- [Task brief] All the data beneath this line is to be reproduced exactly.

- [Provided data]
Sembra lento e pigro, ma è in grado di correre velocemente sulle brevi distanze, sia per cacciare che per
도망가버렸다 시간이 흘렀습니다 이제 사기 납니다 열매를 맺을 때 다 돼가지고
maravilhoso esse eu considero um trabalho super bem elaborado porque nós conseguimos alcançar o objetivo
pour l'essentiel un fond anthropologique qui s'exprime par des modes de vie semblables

- [Task result]
Sembra lento e pigro, ma è in grado di correre velocemente sulle brevi distanze, sia per cacciare che per
도망가버렸다 시간이 흘렀습니다 이제 사기 납니다 열매를 맺을 때 다 돼가지고
maravilhoso esse eu considero um trabalho super bem elaborado porque nós conseguimos alcançar o objetivo
pour l'essentiel un fond anthropologique qui s'exprime par des modes de vie semblables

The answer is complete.